§ Exercise requirements
The records below are to be restated word for word, with every picture left out.

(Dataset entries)

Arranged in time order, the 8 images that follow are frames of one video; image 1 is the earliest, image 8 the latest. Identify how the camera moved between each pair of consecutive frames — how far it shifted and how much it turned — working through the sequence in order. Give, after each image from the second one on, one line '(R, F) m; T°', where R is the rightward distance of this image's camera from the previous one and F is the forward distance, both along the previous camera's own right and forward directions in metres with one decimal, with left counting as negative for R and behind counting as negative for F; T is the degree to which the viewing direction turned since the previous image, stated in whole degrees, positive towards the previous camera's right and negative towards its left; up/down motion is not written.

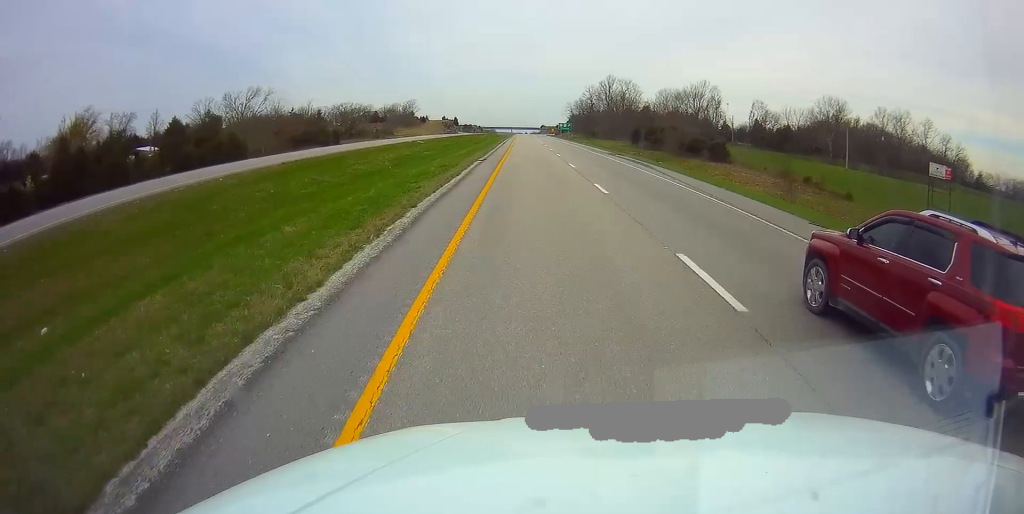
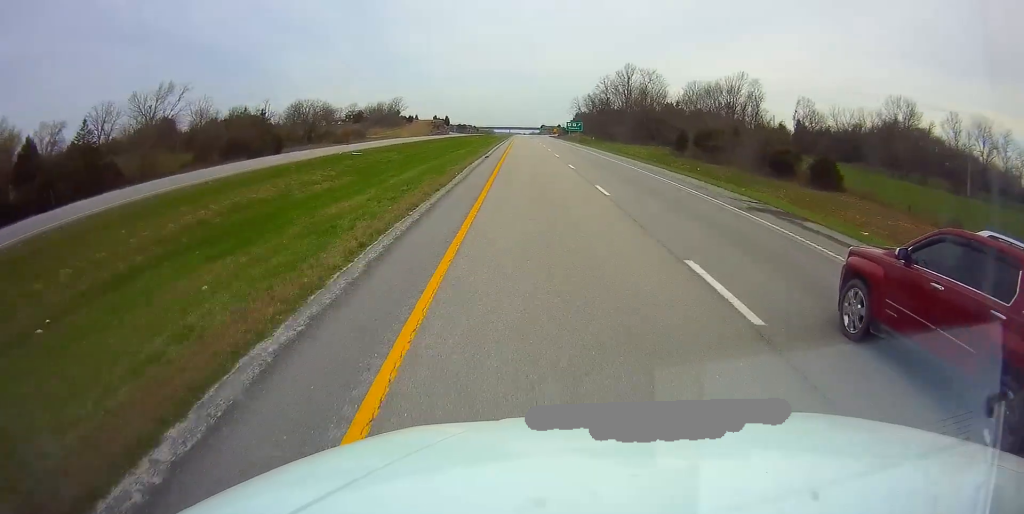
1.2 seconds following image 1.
(0.0, +37.1) m; 0°
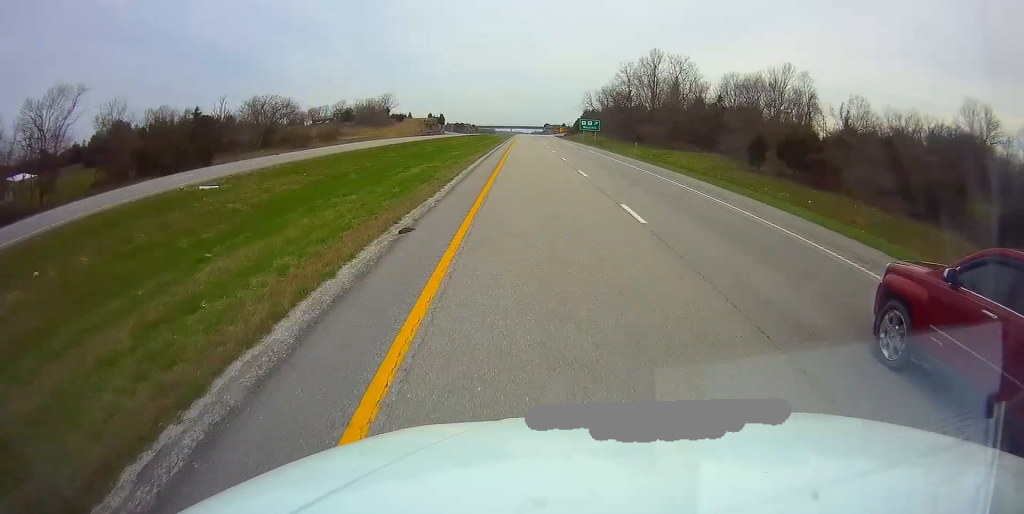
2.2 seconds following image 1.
(0.0, +29.8) m; 0°
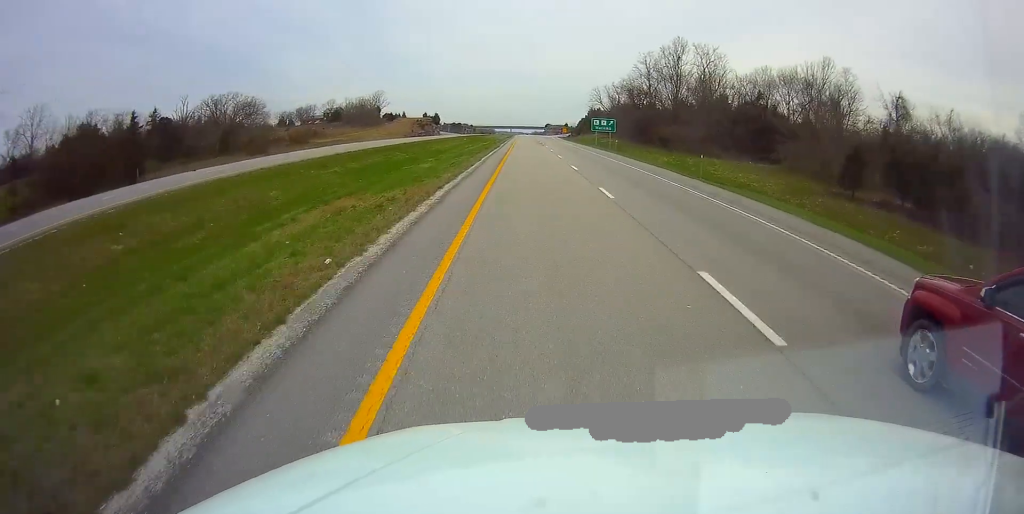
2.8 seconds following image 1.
(0.0, +19.5) m; 0°
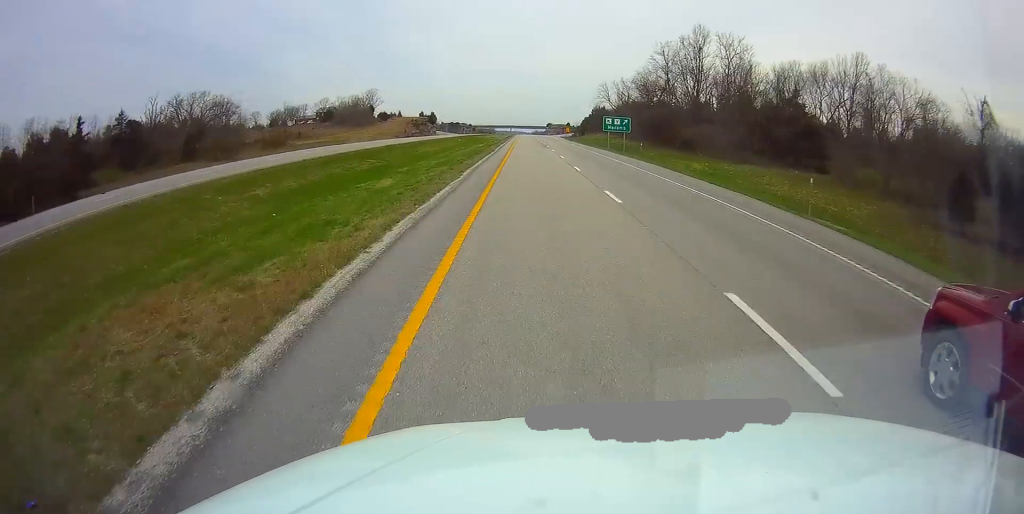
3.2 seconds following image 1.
(0.0, +13.4) m; 0°
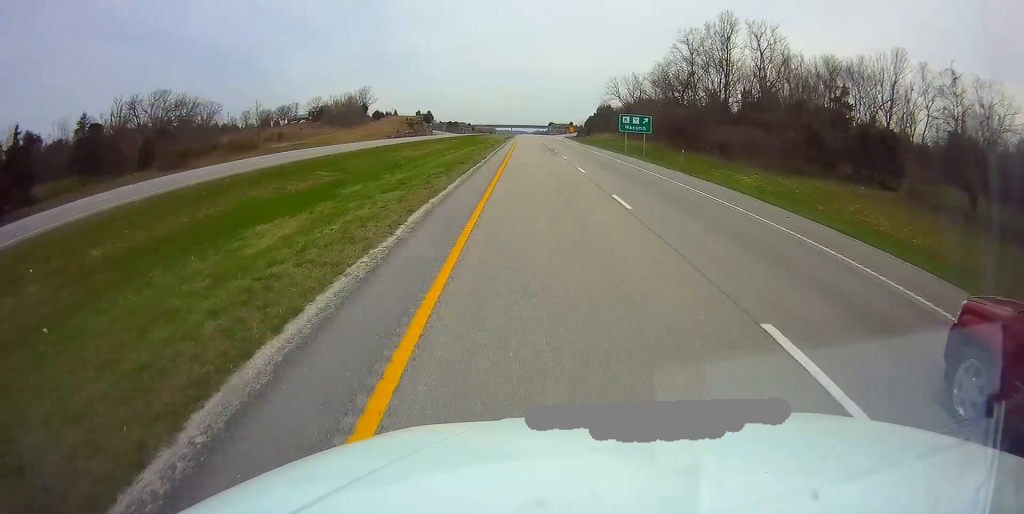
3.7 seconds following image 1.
(0.0, +13.4) m; 0°
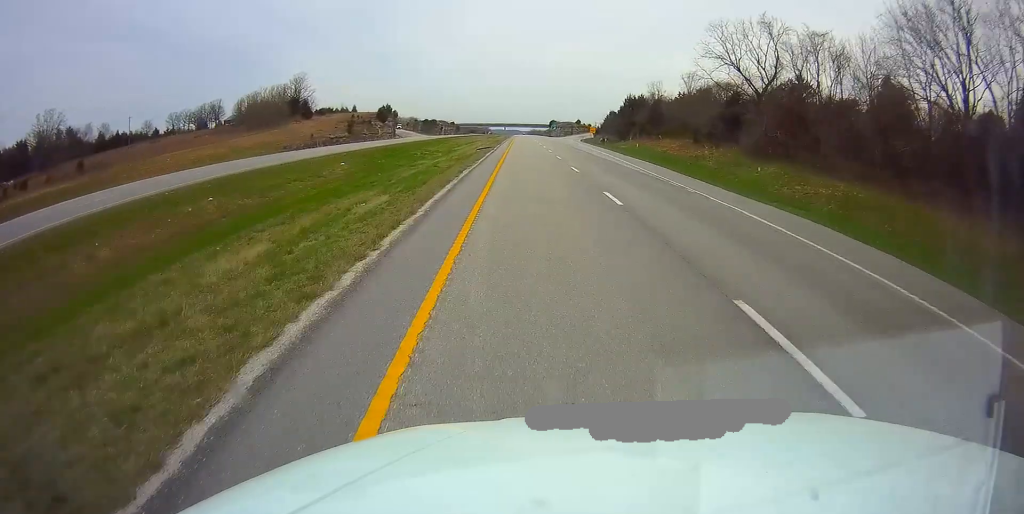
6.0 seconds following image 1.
(+0.4, +72.1) m; +1°
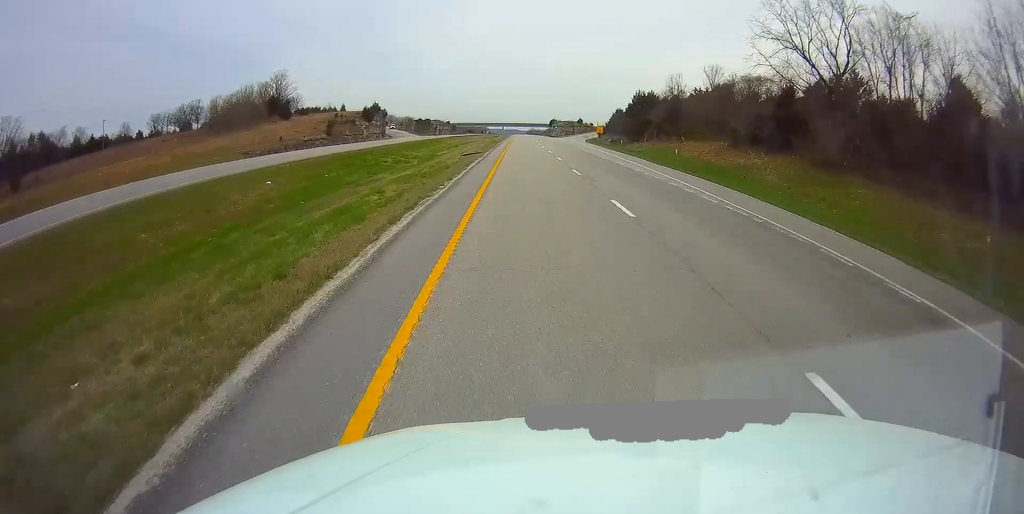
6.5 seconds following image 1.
(0.0, +14.4) m; 0°

§ Final answer
Arranged in time order, the 8 images that follow are frames of one video; image 1 is the earliest, image 8 the latest. Identify how the camera moved between each pair of consecutive frames — how far it shifted and how much it turned — working through the sequence in order. Give, after each image from the second one on, one line '(R, F) m; T°', where R is the rightward distance of this image's camera from the previous one and F is the forward distance, both along the previous camera's own right and forward directions in metres with one decimal, with left counting as negative for R and behind counting as negative for F; T is the degree to which the viewing direction turned since the previous image, stated in whole degrees, positive towards the previous camera's right and negative towards its left; up/down motion is not written.

1.2 seconds following image 1.
(0.0, +37.1) m; 0°
2.2 seconds following image 1.
(0.0, +29.8) m; 0°
2.8 seconds following image 1.
(0.0, +19.5) m; 0°
3.2 seconds following image 1.
(0.0, +13.4) m; 0°
3.7 seconds following image 1.
(0.0, +13.4) m; 0°
6.0 seconds following image 1.
(+0.4, +72.1) m; +1°
6.5 seconds following image 1.
(0.0, +14.4) m; 0°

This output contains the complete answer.